(Dataset items)

......

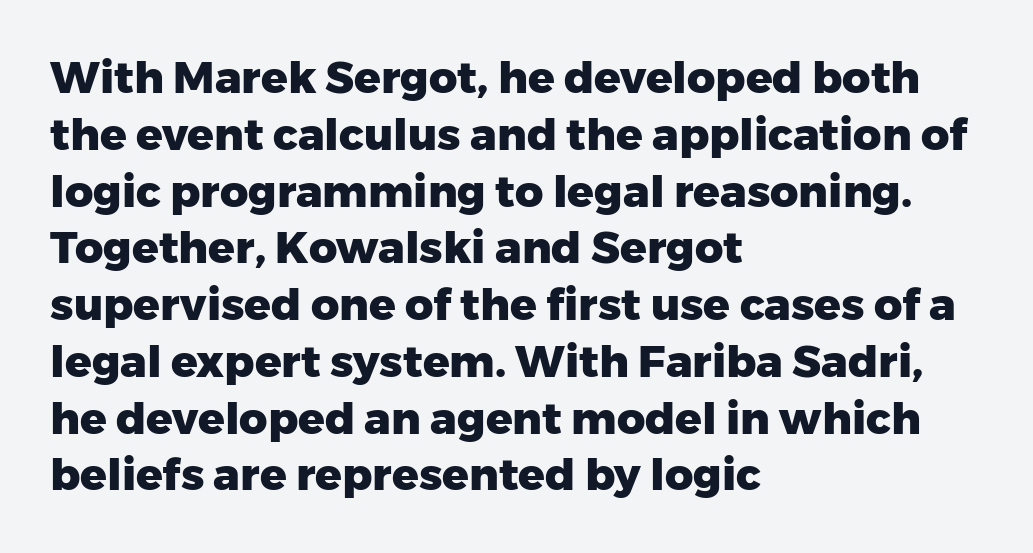
The glyphs are unaccompanied by any horizontal stroke below them. Upright lettering throughout. This sample has the flowing, uneven cadence of proportional lettering. I'd describe the lettering as bold — thick and assertive. This sample uses plain, unmodified letter spacing.
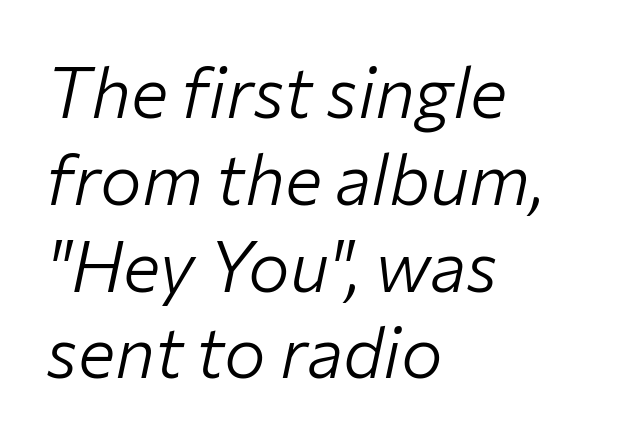
Q: Is the text bold? A: No.
Q: Is the text italic (slanted)? A: Yes, it leans right by about 12 degrees.
Q: Is the text underlined? A: No.
Q: How is the paragraph aligned? A: Left-aligned.
Q: Is the spacing between letters normal or unusually wide? A: Normal.
Q: Width (condensed, normal, or wide)? A: Normal.
Q: Stroke contrast? A: Low.
Q: x-height? A: Medium.
Q: Monospaced? A: No.
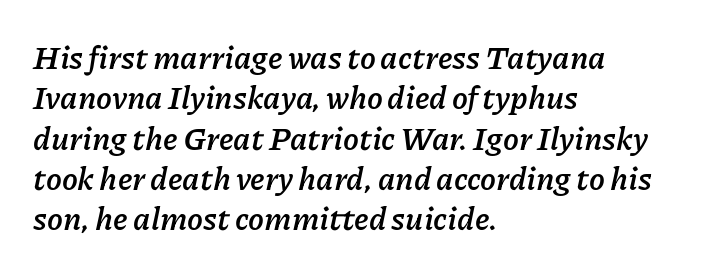
Clear beneath every line of the passage. Heavy, bold letterforms. These lines are rendered in a variable-pitch font. Compared with ordinary roman type, these characters are visibly tilted.
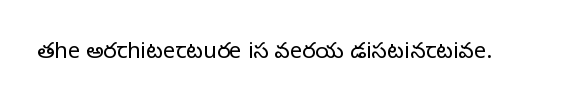
The space directly below the letters is spotless. Quick note: not italic, upright. The line texture is even and compact thanks to regular tracking. These glyphs show unthickened strokes, regular width or finer.
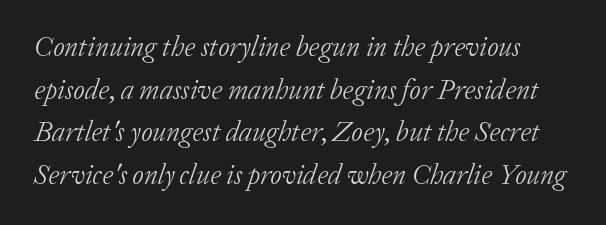
Q: Is the text bold? A: No.
Q: Is the text italic (slanted)? A: Yes, it leans right by about 20 degrees.
Q: Is the typeface a serif or a sans-serif typeface? A: Serif.
Q: Is the text underlined? A: No.
Q: Is the spacing between letters normal or unusually wide? A: Normal.
Q: Is the spacing between lines tight, normal or loose? A: Normal.
Q: Width (condensed, normal, or wide)? A: Normal.
Q: Stroke contrast? A: Low.
Q: x-height? A: Medium.
Q: Monospaced? A: No.
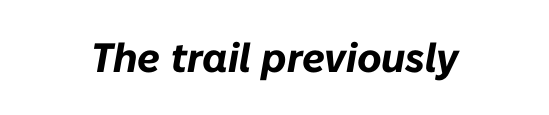
The image shows 41 px bold type, italic (leaning right); set normal letter spacing, not underlined; low stroke contrast and a medium x-height.

......

WHAT THE TASK ASKS: The expected answer is the data retyped exactly, without pictures.

RESPONSE:
The glyphs are unaccompanied by any horizontal stroke below them. Upright lettering throughout. This sample has the flowing, uneven cadence of proportional lettering. I'd describe the lettering as bold — thick and assertive. This sample uses plain, unmodified letter spacing.
Q: Is the text bold? A: No.
Q: Is the text italic (slanted)? A: Yes, it leans right by about 12 degrees.
Q: Is the text underlined? A: No.
Q: How is the paragraph aligned? A: Left-aligned.
Q: Is the spacing between letters normal or unusually wide? A: Normal.
Q: Width (condensed, normal, or wide)? A: Normal.
Q: Stroke contrast? A: Low.
Q: x-height? A: Medium.
Q: Monospaced? A: No.
Clear beneath every line of the passage. Heavy, bold letterforms. These lines are rendered in a variable-pitch font. Compared with ordinary roman type, these characters are visibly tilted.
The space directly below the letters is spotless. Quick note: not italic, upright. The line texture is even and compact thanks to regular tracking. These glyphs show unthickened strokes, regular width or finer.
Q: Is the text bold? A: No.
Q: Is the text italic (slanted)? A: Yes, it leans right by about 20 degrees.
Q: Is the typeface a serif or a sans-serif typeface? A: Serif.
Q: Is the text underlined? A: No.
Q: Is the spacing between letters normal or unusually wide? A: Normal.
Q: Is the spacing between lines tight, normal or loose? A: Normal.
Q: Width (condensed, normal, or wide)? A: Normal.
Q: Stroke contrast? A: Low.
Q: x-height? A: Medium.
Q: Monospaced? A: No.
The image shows 41 px bold type, italic (leaning right); set normal letter spacing, not underlined; low stroke contrast and a medium x-height.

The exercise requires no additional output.